INSTRUCTIONS TO FOLLOW: Using the records below, count the lines with "width" in them. Give the number only.

DATA FOR THIS TASK:
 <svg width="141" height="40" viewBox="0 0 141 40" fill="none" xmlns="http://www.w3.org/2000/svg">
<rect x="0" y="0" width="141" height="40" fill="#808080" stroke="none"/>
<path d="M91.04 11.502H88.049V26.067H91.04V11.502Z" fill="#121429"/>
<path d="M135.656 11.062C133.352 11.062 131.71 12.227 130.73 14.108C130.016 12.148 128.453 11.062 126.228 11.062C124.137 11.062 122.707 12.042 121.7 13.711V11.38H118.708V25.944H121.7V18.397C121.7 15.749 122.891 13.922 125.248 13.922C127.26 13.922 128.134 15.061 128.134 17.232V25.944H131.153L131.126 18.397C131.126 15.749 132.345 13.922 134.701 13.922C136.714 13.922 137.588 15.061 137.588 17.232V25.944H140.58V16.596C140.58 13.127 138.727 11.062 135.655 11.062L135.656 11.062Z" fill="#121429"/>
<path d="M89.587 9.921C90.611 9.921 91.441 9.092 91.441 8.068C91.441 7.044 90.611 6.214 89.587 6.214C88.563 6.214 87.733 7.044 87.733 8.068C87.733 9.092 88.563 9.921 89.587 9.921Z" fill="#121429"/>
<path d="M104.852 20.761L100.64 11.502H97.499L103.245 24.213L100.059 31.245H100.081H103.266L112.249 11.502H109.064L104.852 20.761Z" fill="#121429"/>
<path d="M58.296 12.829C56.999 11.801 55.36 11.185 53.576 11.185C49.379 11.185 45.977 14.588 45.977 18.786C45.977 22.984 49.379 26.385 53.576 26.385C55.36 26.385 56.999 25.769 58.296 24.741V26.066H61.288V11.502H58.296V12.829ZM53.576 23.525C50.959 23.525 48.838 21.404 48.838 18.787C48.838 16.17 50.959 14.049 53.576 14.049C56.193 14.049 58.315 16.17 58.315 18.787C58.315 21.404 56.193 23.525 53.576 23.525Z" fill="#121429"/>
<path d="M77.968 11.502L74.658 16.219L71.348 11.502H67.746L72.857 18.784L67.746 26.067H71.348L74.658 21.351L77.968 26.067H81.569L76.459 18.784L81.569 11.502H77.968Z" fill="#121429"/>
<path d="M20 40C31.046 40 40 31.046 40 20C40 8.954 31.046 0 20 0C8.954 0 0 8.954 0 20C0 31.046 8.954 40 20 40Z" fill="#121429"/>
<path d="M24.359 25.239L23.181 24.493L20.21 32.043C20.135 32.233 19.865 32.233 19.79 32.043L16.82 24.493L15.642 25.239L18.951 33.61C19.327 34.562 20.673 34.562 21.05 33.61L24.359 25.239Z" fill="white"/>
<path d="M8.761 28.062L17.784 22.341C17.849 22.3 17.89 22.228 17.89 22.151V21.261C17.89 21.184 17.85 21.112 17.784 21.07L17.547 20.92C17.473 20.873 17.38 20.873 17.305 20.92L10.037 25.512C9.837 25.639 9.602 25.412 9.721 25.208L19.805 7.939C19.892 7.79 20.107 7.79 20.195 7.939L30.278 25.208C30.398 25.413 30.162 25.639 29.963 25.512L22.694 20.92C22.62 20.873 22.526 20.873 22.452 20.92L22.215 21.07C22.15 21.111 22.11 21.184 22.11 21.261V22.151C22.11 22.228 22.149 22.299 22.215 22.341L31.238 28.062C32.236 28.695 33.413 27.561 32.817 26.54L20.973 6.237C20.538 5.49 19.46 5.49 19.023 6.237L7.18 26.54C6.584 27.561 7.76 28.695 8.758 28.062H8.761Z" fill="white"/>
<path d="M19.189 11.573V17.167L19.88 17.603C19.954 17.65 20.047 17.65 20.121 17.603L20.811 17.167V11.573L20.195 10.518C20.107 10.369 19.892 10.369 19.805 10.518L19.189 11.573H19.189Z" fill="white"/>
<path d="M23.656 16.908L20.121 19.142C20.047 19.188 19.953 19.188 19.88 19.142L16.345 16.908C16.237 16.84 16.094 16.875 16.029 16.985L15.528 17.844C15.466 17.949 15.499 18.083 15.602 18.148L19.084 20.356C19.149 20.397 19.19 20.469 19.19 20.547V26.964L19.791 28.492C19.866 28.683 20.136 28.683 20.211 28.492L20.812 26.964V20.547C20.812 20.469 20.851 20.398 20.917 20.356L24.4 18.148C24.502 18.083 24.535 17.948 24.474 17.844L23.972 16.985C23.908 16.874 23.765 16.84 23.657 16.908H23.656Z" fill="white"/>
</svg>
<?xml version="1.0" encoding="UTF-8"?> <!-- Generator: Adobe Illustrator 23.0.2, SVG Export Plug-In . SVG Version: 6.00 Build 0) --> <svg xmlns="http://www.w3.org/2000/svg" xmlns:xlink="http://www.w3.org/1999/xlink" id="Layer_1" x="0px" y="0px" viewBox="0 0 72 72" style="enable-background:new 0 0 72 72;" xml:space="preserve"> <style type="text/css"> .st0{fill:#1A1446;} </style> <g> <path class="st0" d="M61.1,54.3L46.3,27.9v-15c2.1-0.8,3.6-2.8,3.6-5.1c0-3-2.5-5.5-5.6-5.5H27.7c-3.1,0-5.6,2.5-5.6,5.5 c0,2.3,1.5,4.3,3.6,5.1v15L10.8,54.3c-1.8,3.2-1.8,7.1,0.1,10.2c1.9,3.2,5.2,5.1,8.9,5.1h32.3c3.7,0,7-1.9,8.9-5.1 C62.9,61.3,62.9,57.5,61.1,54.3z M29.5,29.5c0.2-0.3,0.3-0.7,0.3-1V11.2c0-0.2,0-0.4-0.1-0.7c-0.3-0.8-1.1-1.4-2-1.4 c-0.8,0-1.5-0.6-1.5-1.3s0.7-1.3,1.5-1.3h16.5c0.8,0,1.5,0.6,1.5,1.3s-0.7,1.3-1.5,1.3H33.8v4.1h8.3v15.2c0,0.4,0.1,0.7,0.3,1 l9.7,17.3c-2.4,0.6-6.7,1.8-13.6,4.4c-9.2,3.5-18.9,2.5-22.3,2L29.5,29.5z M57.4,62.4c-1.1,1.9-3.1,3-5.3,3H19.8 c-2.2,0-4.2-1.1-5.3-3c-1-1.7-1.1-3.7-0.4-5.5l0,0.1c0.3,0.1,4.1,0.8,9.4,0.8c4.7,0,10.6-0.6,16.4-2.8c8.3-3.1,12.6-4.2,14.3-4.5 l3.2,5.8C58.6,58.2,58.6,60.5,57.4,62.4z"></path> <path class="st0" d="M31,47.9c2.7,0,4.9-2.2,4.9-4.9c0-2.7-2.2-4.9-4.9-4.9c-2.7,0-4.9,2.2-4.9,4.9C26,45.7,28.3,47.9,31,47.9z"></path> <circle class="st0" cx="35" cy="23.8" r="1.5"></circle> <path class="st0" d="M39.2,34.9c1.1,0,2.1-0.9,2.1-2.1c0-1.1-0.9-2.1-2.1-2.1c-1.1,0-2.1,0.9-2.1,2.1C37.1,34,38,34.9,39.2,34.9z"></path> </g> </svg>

EXERCISE RESULT: 2